This Learning Series Recap summarizes lessons from the GPL’s Stimulus Learning Series session on Using Procurement to Advance Innovation, a deep-dive on how funds from the American Rescue Plan Act (ARPA) can be used to procure for services that improve outcomes for residents.
Using ARPA funds to procure for innovative, results-driven services
The American Rescue Plan Act (ARPA) provides a unique opportunity to address the systemic inequities laid bare by the pandemic and reshape the public systems that support vulnerable families. Successful execution of this transformation work will require the combined efforts of government employees with goods and services acquired from the private sector. This is true of sheltering the homeless, providing job training to the unemployed, and building and maintaining new technology solutions. Agency leaders can, therefore, leverage procurement to amplify ARPA system transformation efforts — making procurement processes more efficient, inviting, and transparent; using procurements to advance departmental and jurisdiction-wide goals; and laying the foundation for measuring progress and driving continual improvement. Yet too often, procurement and contract management is treated as a back-office function rather than a strategic activity, causing governments to encounter common procurement challenges:
- Requests for proposals (RFPs) lack a description of the jurisdiction’s overarching goals, leading to vendor responses that don’t align with what the jurisdiction actually needs.

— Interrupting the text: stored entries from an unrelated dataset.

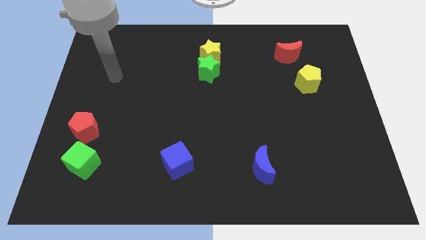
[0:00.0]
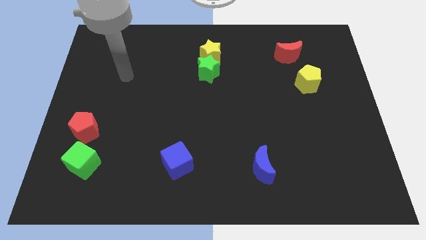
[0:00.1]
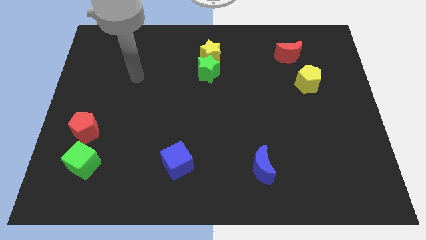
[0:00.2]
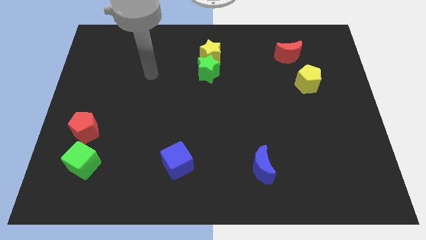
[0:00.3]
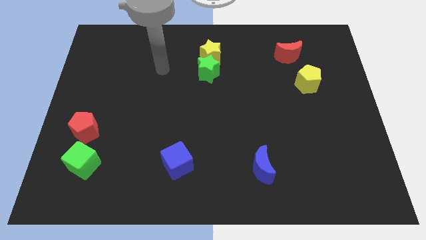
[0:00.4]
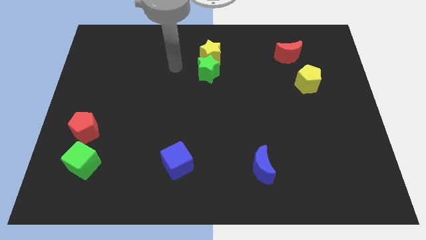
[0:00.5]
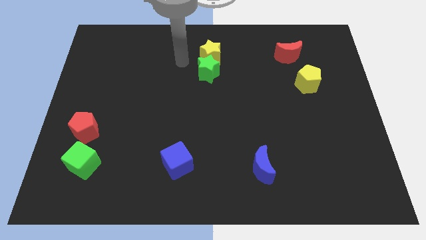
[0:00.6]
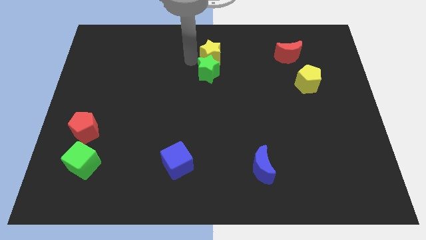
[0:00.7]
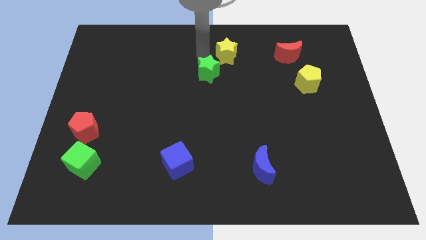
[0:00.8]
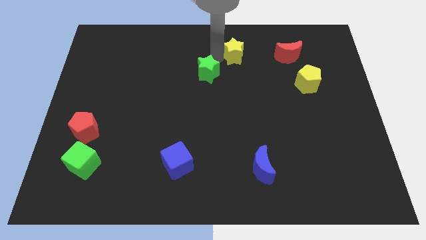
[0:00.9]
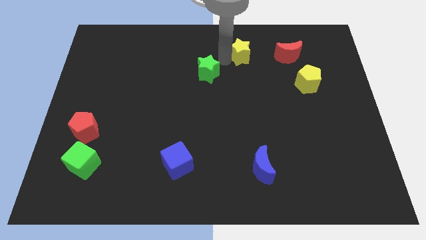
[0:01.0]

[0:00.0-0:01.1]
separate the green star from the yellow star

- Teams rush through writing an RFP to get it out the door quickly, causing delayed releases or re-issued RFPs because of errors or misinformation.
- Limited information gathering or market research occurs or the RFP is simply recycled from the last time it was issued, resulting in RFPs that lack emerging best practices and/or vendor and client perspectives.

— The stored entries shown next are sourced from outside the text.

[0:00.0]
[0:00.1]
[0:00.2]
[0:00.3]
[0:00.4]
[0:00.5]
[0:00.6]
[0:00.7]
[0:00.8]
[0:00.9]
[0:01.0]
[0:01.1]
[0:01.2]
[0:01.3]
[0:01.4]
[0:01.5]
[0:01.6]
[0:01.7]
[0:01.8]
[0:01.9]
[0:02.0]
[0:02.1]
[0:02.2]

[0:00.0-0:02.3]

- RFPs’ scopes of work are overly prescriptive or include onerous requirements, yielding few quality proposals or causing responding vendors to feel limited in their ability to offer innovative solutions.
Leaders from state and local government agencies across the country are planning to tackle these challenges using results-driven contracting strategies designed to help entities use procurement and contracting to achieve better outcomes for residents. When crafting a results-driven RFP, there are several key questions to address, including why the service is needed, which outcomes the contract should achieve, and how to measure success.